Des efforts ont été entrepris depuis la fin du XXème siècle pour améliorer la qualité des eaux, en particulier son oxygénation, et réaliser des aménagements facilitant la circulation des espèces, comme les échelles à poissons. Plus récemment, les voies navigables de France (VNF), mettent en place progressivement des ouvrages de franchissement: les passes à poissons au niveau des barrages de navigation. Une analyse historique depuis 1750 permettra d’établir comment la mise en place des ouvrages transversaux, leurs modifications au cours du temps, l’artificialisation des berges et la qualité de l’eau ont pu avoir un effet sur le franchissement par différentes espèces de poissons.

De même, l’étude considérera l’impact de scénarios climatiques sur la continuité écologique future. Les effets attendus de l’hydrologie, de la température et de l’oxygène sur les potentialités de recolonisation de la Seine par différents poissons pourraient permettre d’identifier les choix de restauration efficaces sur le long terme.

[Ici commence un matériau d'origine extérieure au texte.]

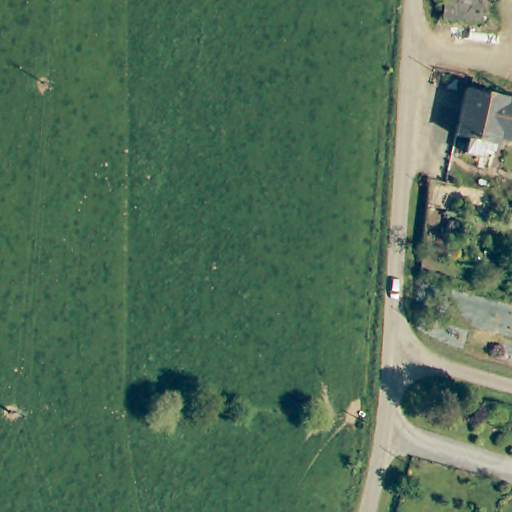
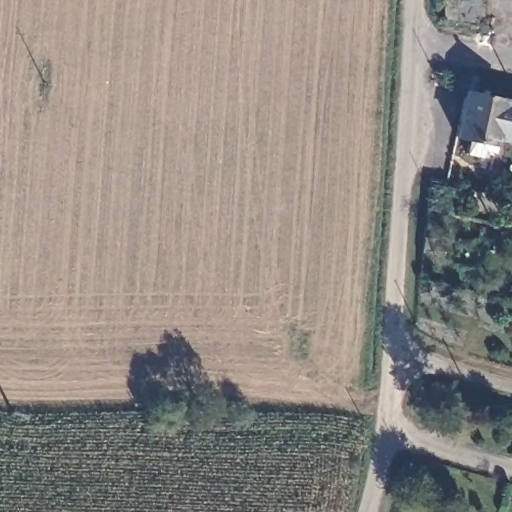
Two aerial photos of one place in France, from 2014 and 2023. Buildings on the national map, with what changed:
unchanged [(512,138),(496,135),(493,143),(454,134),(464,89),(512,100),(512,138)]

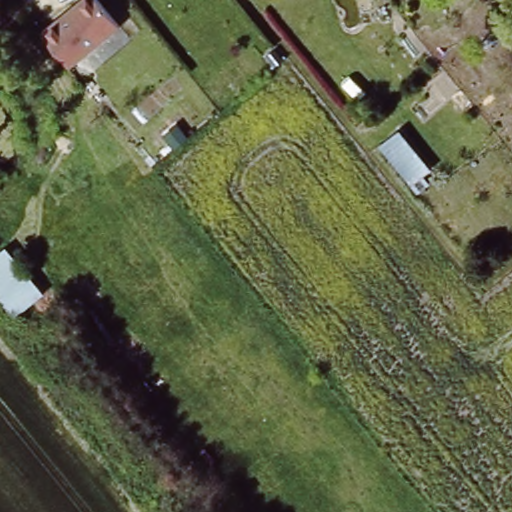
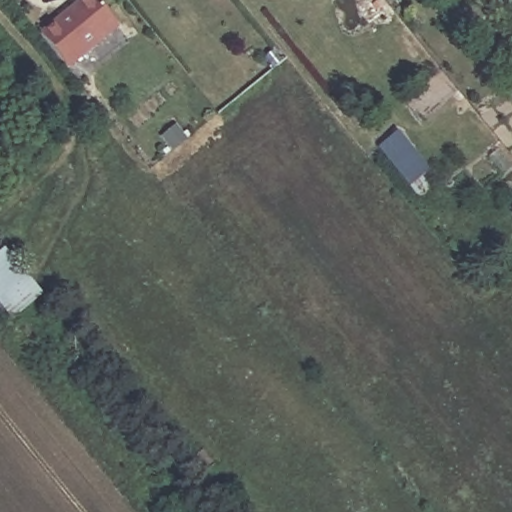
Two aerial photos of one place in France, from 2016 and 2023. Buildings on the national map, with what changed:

Enjeux de communication auprès des différents acteurs

La mise en œuvre de la restauration de la continuité écologique se confronte parfois sur le terrain à des oppositions. Les travaux de restauration de la continuité écologique peuvent aussi être envisagés comme une opportunité pour s’interroger sur le devenir de la rivière et la manière de répondre aux multiples enjeux que sa gestion pose. Pour cela, le projet propose de s’intéresser à la manière dont sont accompagnées les opérations de restauration de la continuité écologique sur la Seine et plusieurs de ses affluents. Il est proposé de dresser un inventaire des démarches innovantes déjà engagées sur l’axe Seine et sur les affluents qui favorisent la mise en place d’un dialogue et la construction de projets de restauration s’articulant avec les autres enjeux de territoire. Le rôle des opérations de communication, sensibilisation et concertation sera étudié sur plusieurs tronçons. Il s’agit de voir comment la restauration de la continuité écologique peut être conciliée avec les attentes des différents acteurs.

 

Zoom sur les poissons migrateurs

Historiquement, la Seine était un axe fluvial majeur pour les espèces migratrices colonisant le bassin versant, elles étaient pêchées dans l’estuaire avec des tonnages importants. Depuis la fin du XIXème siècle, l’extinction de la majeure partie des populations de poissons migrateurs s’est accélérée jusqu’aux années 1990 (lamproie marine, saumon atlantique, éperlan…) en lien avec les obstacles à la migration, la dégradation de la qualité de l’eau et la surexploitation.
En particulier, le déclin des populations de saumon au cours du XIXème siècle, amorcé avec la mise en place des barrages et réservoirs dans la partie amont du bassin pour le flottage du bois, est aussi le résultat du remplacement des barrages à pertuis par les barrages-écluses infranchissables. Ainsi, plus de 1 400 km de rivières sont totalement inaccessibles aux poissons migrateurs et près de 780 km le sont partiellement du fait des nombreux ouvrages infranchissables. Les suivis opérés à la passe à poissons du premier barrage depuis la mer (Poses) et sur les affluents estuariens indiquent la présence de divers migrateurs dont quelques centaines de saumons, des truites de mer, des lamproies marines, des aloses et des anguilles.

Des saumons juvéniles ont été capturés à partir de 2009 sur l’Andelle, un affluent de la Seine : une preuve attendue par les biologistes (article La Croix). Des salmonidés et des Aloses remontent sur l’Oise et l’Aisne en 2017.